PDF/A is a PDF format for use in archiving, long-term preservation, and exchange of electronic documents. The visual appearance of electronic documents is maintained over time, irrespective of the tools and systems used for their production, storage and reproduction. Source documents can be paper ones, emails, “usual” PDF documents, webpages, and many others. PDF/A provides a reliable digital snapshot of any document, which remains searchable and fully actionable, for:
- Document management
- Automated workflows
- Legal records management
- Mail archiving: paper, fax or e-mail
- Document archiving, archive migration (e-Government, Legal, etc.)

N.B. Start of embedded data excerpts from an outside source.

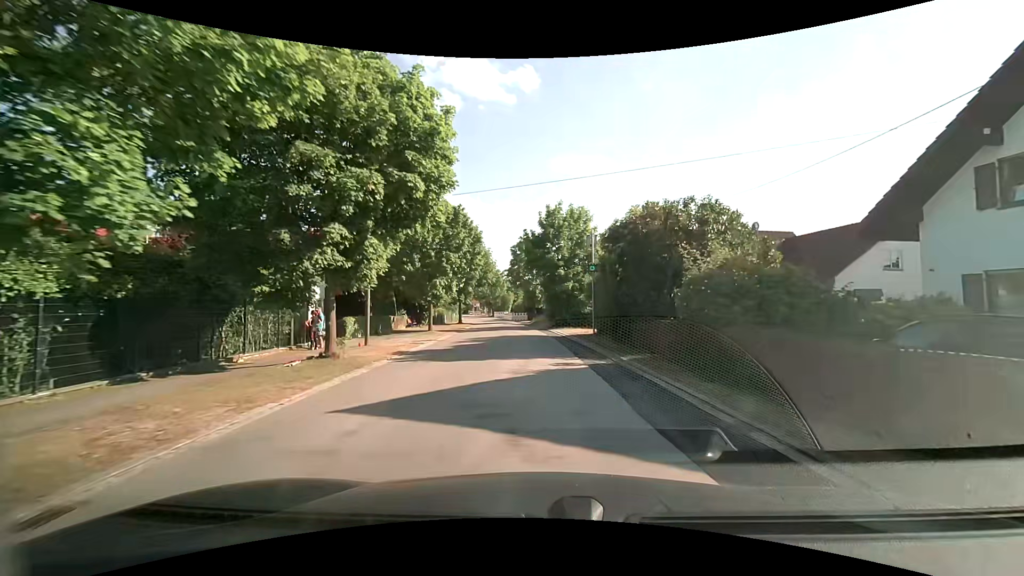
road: tertiary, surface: asphalt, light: Day
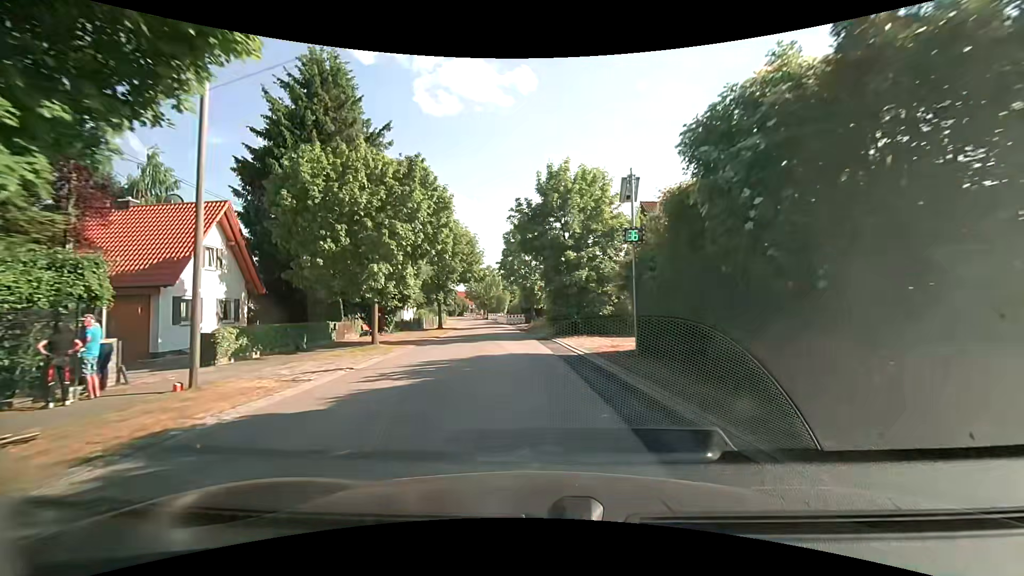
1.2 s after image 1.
(0.0, +11.0) m; 0°
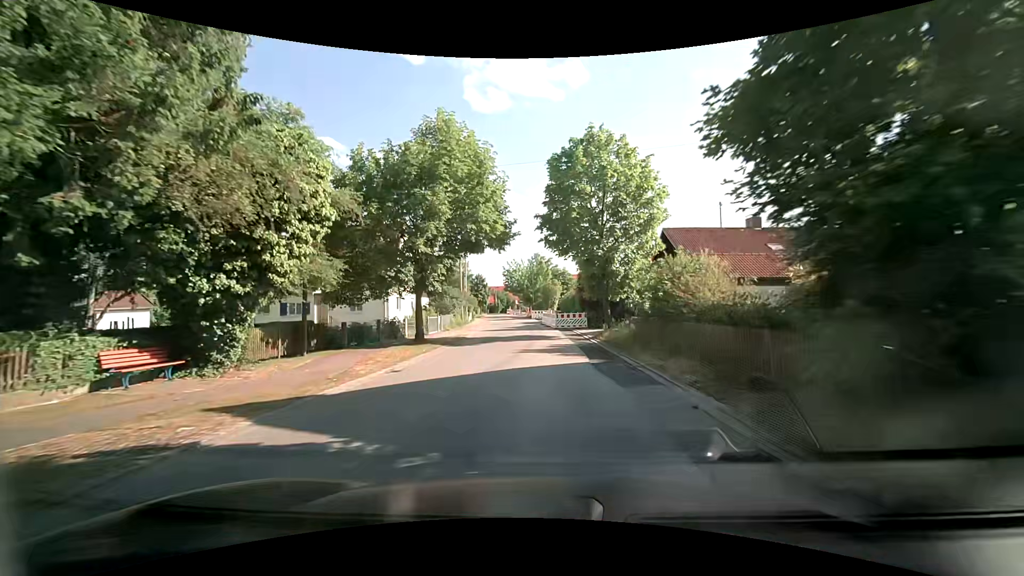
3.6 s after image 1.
(-1.1, +22.8) m; -6°
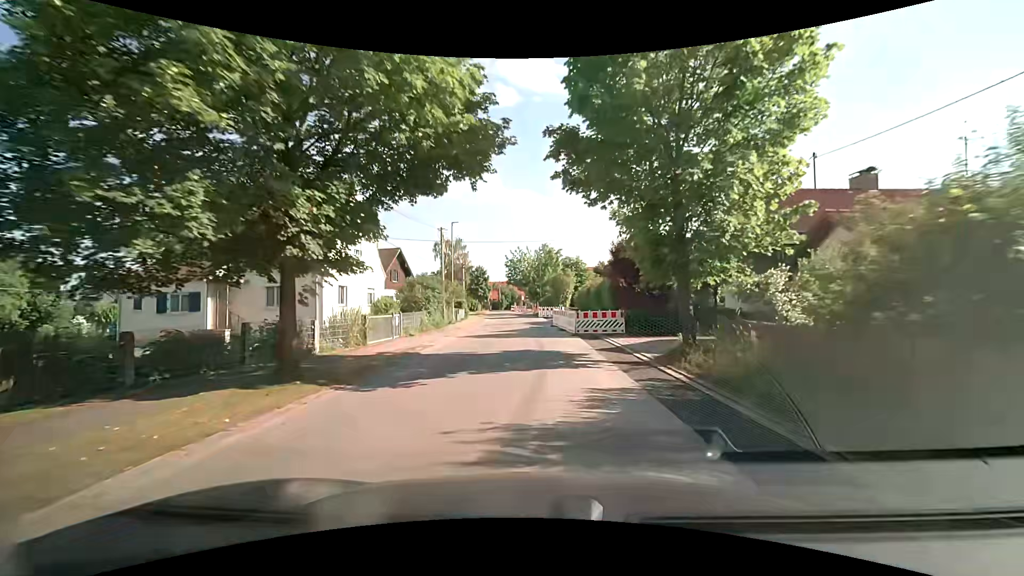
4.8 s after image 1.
(-0.1, +12.0) m; -1°
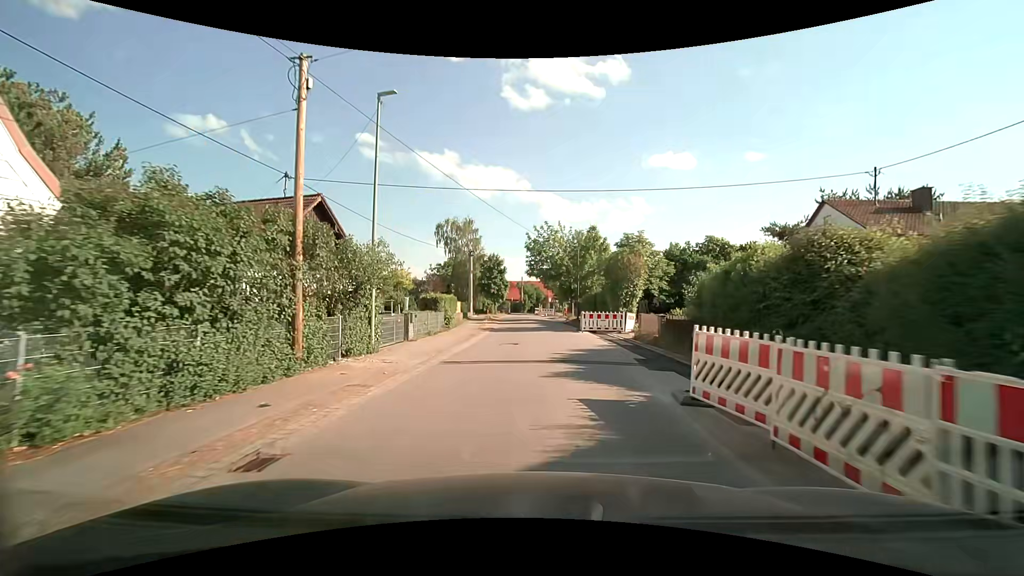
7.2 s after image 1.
(-0.6, +23.2) m; -3°
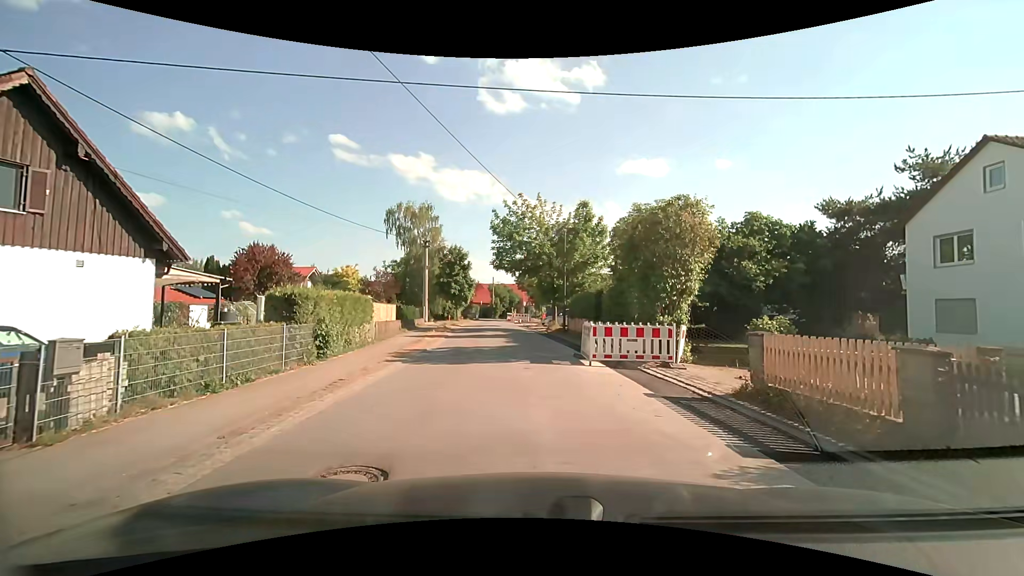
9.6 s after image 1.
(+0.2, +13.0) m; +3°
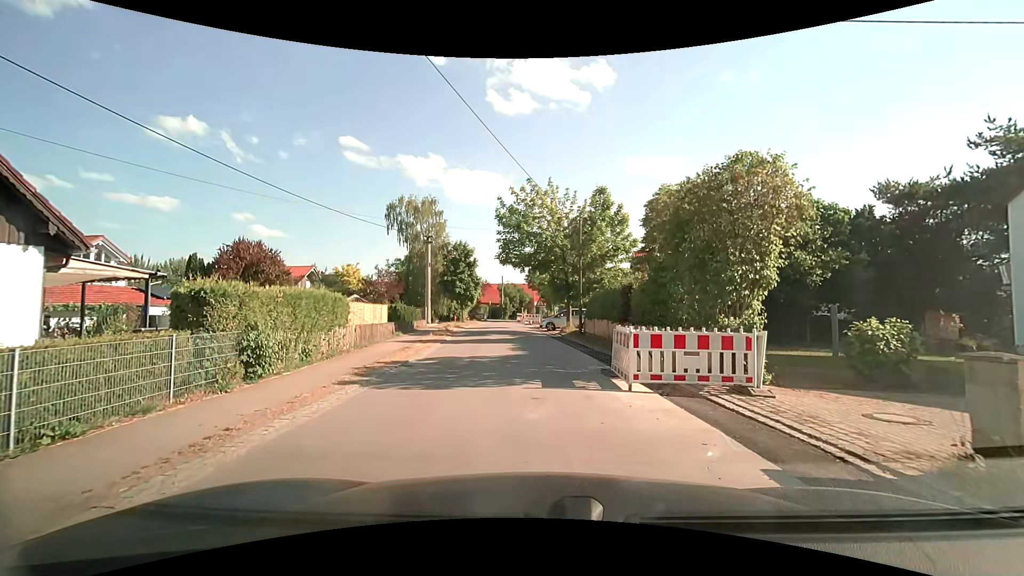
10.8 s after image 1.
(0.0, +4.1) m; -2°
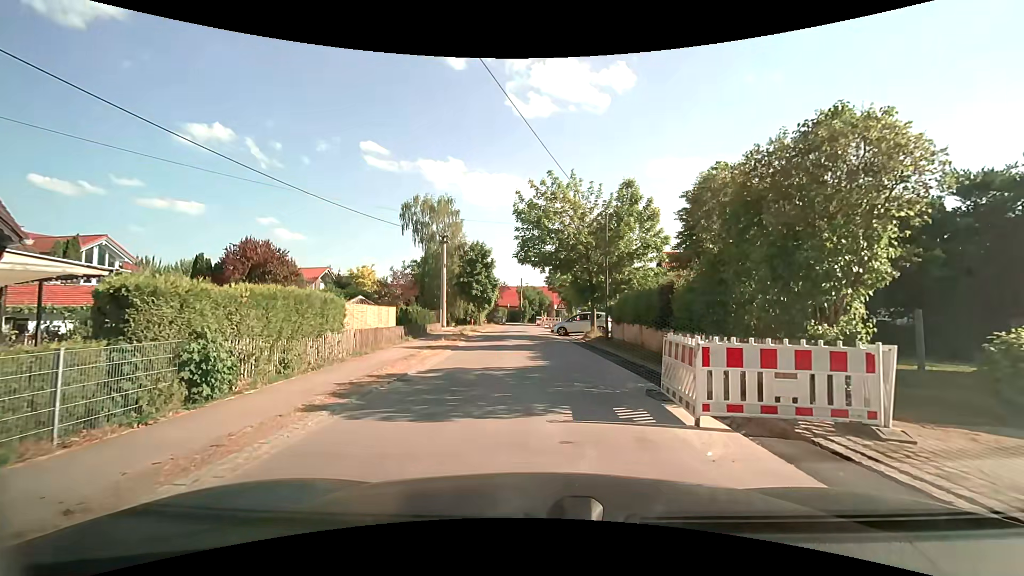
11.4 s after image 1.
(0.0, +2.5) m; -2°

Because of its ability to provide stable, uniform representation of documents across time and platforms, PDF/A is also used as the format for document management and ongoing document exchange. It is “digital paper,” as reliable, unchanged and permanent as paper documents, which we are used to trusting.
Variants of PDF/A
1, 2 or 3 refer to PDF/A conformance parts, which are, basically, format evolution stages. The earliest was PDF/A-1, while PDF/A-3 is the latest. In general, the larger the number, the more capabilities are permitted in a PDF/A-compliant document.
b, u and a signify conformance levels, which define for which specific purposes conformance is ensured. The conformance increases in exactly this order: from b that ensures the least, to a that requires all possible conformance according to PDF/A specification:
-
b (“Basic”)
ensures preservation of visual appearance of a document when viewing or printing;
-
u (“Unicode”)
in addition to b, requires mapping all characters to Unicode. This ensures that the texts can be displayed correctly and that the documents remain searchable. ‘u’ was introduced as a separate level only starting from PDF/A-2;
-
a (“Accessible”)
in addition to b, requires mapping all characters to Unicode and having document structure information. This ensures preservation and correct interpretation of document content and logical structure (reading order), when interpreted by assistive technologies, for example.
PDF/A-1 |
PDF/A-2 |
PDF/A-3 |
|
---|---|---|---|
Based on: |
PDF 1.4 |
PDF 1.7 |
PDF 1.7 |
Conformance levels: |
b, a |
b, u, a |
b, u, a |
Essence: |
Sets usage restrictions and requirements to fonts, colors, annotations, and other elements for a PDF document to be self-contained and capable of reproducing the look for a long time. |
||
Attachments: |
No attachments allowed |
PDF/A attachments allowed |
Allows attachments of any file format (CAD models, audio, video, XML data, Excel spreadsheets, Word documents, etc.)* Attachments must be linked to specific parts of the document, and the relationships between them and the document must be specified. |
Password protection: |
No password protection allowed |
||
Usage specifics: |
PDF/A attachments allow to keep sets of related documents, keeping the whole set PDF/A compliant. |
Attachments of various types allow archiving or unifying exchange even for complex documentation sets that contain information in formats that cannot be converted to PDF. Other applications or systems can work directly with attachments in their own formats.** |
* Using PDF/A-3 does not guarantee that the included attachments will remain usable in the future – it only allows their presence attached to the document.
** For example, an XML representation of an invoice content may be attached to the conventional visual invoice representation, which allows processing such invoice in ERP systems both manually, based on its “image”, or automatically using that XML data.
How to check for PDF/A compliance
ABBYY FineReader PDF, and many other PDF software applications, indicate whenever a PDF document is the PDF/A format to prevent the user from actions that would make it invalid, such as adding password protection. When a detailed check of PDF/A compliance is needed, there are third-party validation tools available.
ABBYY FineReader supports creation or conversion of documents into any of the PDF/A variants. Which variant to select depends on the tasks, workflows and requirements of the user.